And yet here’s the one returning to thank the Master who healed them all. He is lifted up as a good example. He teaches there’s something better than faithful obedience, and that’s gratitude. Gratitude – it’s voluntary, never forced. It’s a response from the heart. There’s no desire for ingratiation, no interest in manipulation, no attempt to reduce the gift to a transaction. Just “thank you.” Thank you.

Do you think it matters that Luke tells us the man was a Samaritan? Maybe, maybe not. Not only had he been sent off because of his dreaded disease, he was also a “foreigner.” That’s a nice way of saying that the Jews of Jesus’ time wanted nothing to do with a Samaritan. It’s also a hint as to why the other nine skedaddled as soon as they all got healed. As in, “We’ve spent enough time with this Samaritan, let’s get out of here.” We don’t know.

We do know that Jesus made no distinction when it came to healing all of them. Health care is not only for the insiders. He offered care to all. It’s quite possible this outsider is grateful to receive the same as the others. Luke says he comes back “praising God,” the God who is the Source of every life, the guardian of every soul. God does not discriminate. Everybody gets their turn.

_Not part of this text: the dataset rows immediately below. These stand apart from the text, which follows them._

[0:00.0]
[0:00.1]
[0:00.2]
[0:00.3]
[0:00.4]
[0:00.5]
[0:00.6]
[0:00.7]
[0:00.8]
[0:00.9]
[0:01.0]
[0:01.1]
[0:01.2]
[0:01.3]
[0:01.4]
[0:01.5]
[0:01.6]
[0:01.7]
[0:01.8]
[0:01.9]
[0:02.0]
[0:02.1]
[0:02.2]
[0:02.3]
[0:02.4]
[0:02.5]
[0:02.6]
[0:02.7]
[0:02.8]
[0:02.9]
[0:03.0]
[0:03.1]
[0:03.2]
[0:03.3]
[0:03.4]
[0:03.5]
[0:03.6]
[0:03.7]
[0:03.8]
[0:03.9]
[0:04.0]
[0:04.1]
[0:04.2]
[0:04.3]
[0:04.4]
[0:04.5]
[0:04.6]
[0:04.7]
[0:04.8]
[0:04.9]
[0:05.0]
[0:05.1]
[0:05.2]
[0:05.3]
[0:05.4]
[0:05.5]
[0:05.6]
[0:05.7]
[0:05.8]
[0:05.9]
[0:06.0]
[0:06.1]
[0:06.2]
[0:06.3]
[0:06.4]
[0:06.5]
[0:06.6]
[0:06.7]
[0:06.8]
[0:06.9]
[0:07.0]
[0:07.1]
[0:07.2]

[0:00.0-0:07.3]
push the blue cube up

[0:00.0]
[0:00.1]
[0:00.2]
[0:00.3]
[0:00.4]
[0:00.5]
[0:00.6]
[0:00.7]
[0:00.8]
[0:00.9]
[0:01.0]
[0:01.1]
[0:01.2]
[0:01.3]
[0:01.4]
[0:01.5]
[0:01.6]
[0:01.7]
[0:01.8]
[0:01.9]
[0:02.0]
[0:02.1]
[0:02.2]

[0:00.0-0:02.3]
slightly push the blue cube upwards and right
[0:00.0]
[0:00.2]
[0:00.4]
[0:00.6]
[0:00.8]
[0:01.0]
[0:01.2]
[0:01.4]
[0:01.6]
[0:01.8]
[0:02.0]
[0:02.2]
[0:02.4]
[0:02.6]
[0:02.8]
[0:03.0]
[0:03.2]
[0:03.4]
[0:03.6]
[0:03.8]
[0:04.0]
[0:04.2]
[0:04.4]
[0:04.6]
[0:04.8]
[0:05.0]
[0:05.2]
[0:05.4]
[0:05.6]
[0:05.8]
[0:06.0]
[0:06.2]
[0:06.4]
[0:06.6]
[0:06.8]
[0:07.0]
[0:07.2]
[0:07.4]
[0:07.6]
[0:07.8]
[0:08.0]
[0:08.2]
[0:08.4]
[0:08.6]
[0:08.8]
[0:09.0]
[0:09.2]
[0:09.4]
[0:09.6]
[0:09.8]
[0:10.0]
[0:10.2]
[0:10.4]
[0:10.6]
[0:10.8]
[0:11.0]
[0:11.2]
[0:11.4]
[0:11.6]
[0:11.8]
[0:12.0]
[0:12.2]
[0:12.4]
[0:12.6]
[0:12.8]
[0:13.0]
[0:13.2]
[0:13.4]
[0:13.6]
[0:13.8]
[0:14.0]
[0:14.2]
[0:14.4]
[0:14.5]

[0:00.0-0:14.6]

And yet, Jesus takes note how the insiders take off while the outsider comes back to say thank you. Here, too, is another clue to identifying true-blue gratitude. If we’re accustomed to getting all the breaks, we tend to take them for granted. If we depend upon our own privileges, we’re tempted to believe we deserve them. If we ask for something – and receive it – we might think we were entitled. And the precious truth that is lost is simply this: that life is a gift.

Take a breath: did you pay for that? Feel your pulse: did you earn that? Look around at the people who truly love you for who you are: did you manipulate them to love you? The opportunities to think and create and work and produce: have you deserved those things? No, no, no. They are a gift.

And I consider this church and all that it means. We proclaim the Gospel here, a Gospel that challenges us to love everybody, regardless of who they are or what they’ve done to us. Can’t get that Message on your cable TV, and I’m grateful to get it here. We come to hear that our sins are forgiven in Christ, and the sickness in our souls can be healed in his power, and I don’t hear that anywhere else; I’m thankful to get it here.

In this church, I’ve made life-giving friendships in a suburb where too many of our neighbors hide on their back patios. This church invites me to care for other people whose names I don’t even know. And this is the only place in town – and I mean the only place – where I am invited to sing with others, and to sing songs that are of ultimate importance. Do you know any other place where that happens? It happens here – in this community of faith that gathers around Jesus.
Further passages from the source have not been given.